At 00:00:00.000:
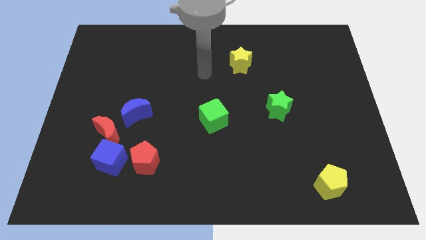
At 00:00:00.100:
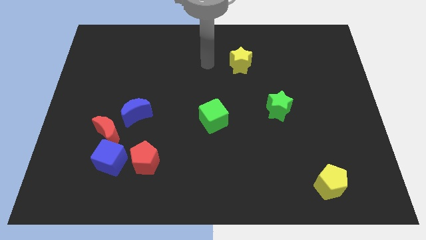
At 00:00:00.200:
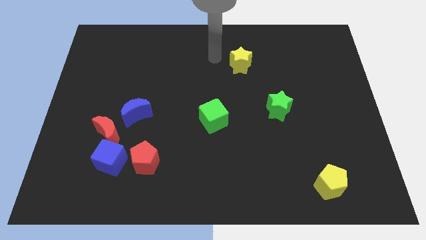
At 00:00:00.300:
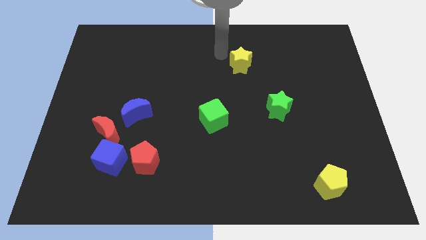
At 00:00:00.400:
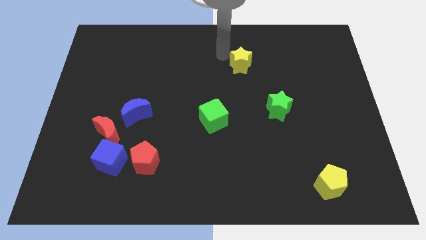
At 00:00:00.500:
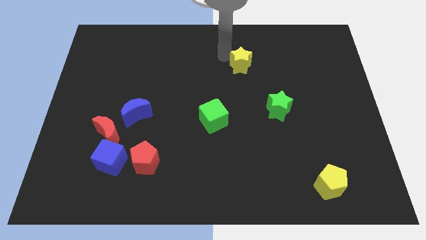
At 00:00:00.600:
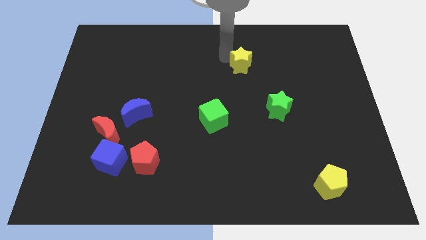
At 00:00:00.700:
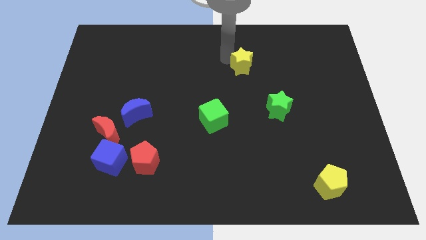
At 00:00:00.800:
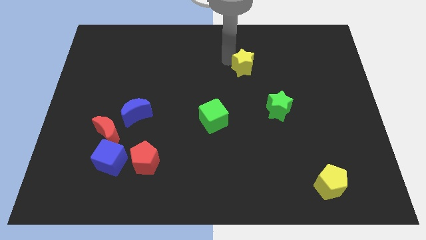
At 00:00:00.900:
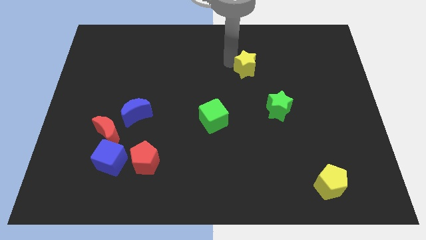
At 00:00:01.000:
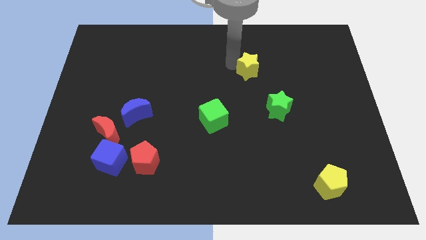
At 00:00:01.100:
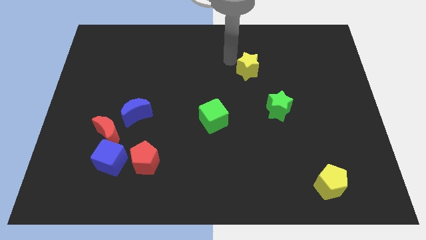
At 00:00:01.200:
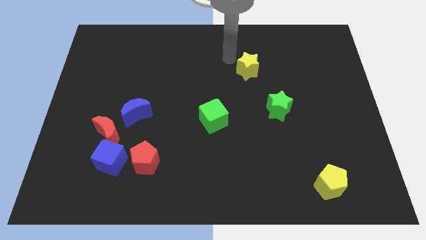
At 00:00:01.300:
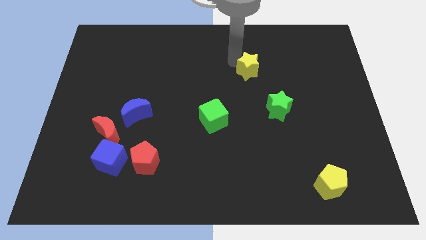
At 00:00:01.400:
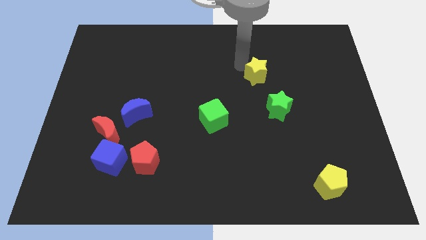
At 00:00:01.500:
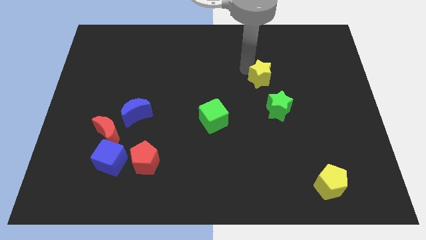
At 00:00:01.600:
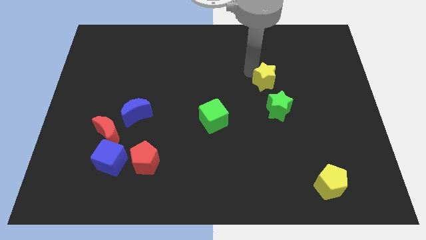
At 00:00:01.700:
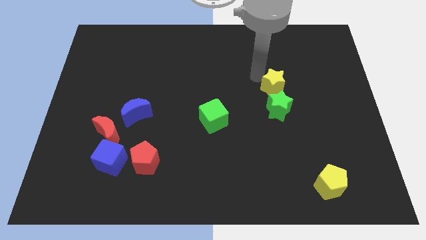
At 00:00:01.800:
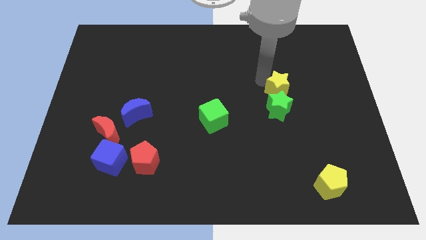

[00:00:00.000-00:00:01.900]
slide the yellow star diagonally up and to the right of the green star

************

__Work item__
Give back every record above exactly as written, skipping each picture.

__Exercise response__
At 00:00:00.000:
At 00:00:00.100:
At 00:00:00.200:
At 00:00:00.300:
At 00:00:00.400:
At 00:00:00.500:
At 00:00:00.600:
At 00:00:00.700:
At 00:00:00.800:
At 00:00:00.900:
At 00:00:01.000:
At 00:00:01.100:
At 00:00:01.200:
At 00:00:01.300:
At 00:00:01.400:
At 00:00:01.500:
At 00:00:01.600:
At 00:00:01.700:
At 00:00:01.800:

[00:00:00.000-00:00:01.900]
slide the yellow star diagonally up and to the right of the green star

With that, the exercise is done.